**WHAT TO WORK ON**
The entries that follow include a run beginning at the line with "Q: Is the typeface" and ending at the line with "Q: Monospaced? A: No."; restate that run word for word and leave the rest out.

**DATA SHOWN**
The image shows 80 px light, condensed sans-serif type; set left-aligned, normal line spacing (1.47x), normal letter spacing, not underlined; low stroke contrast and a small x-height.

==

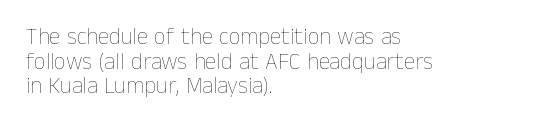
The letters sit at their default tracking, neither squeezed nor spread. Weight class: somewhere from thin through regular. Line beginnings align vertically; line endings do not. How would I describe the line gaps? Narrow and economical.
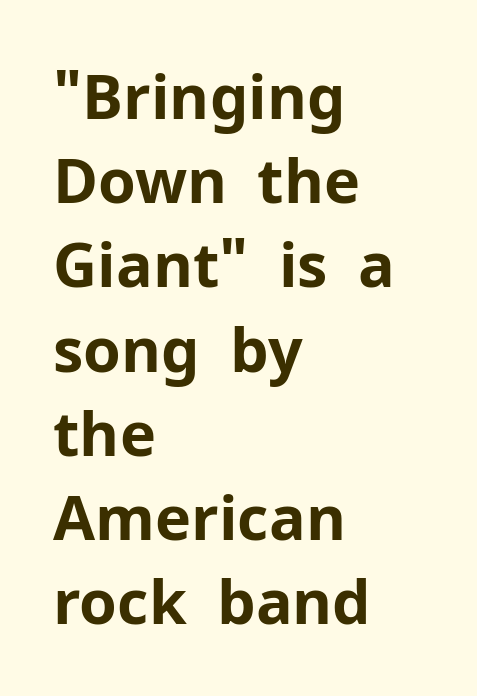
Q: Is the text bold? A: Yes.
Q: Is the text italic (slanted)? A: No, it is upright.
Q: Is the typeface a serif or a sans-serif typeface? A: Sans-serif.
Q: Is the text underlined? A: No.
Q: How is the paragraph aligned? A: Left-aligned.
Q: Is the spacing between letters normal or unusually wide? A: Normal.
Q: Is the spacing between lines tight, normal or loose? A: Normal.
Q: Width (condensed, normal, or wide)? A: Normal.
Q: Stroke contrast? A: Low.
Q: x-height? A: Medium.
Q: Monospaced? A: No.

**WRITTEN REPLY**
Q: Is the typeface a serif or a sans-serif typeface? A: Sans-serif.
Q: Is the text underlined? A: No.
Q: How is the paragraph aligned? A: Left-aligned.
Q: Is the spacing between letters normal or unusually wide? A: Normal.
Q: Is the spacing between lines tight, normal or loose? A: Normal.
Q: Width (condensed, normal, or wide)? A: Normal.
Q: Stroke contrast? A: Low.
Q: x-height? A: Medium.
Q: Monospaced? A: No.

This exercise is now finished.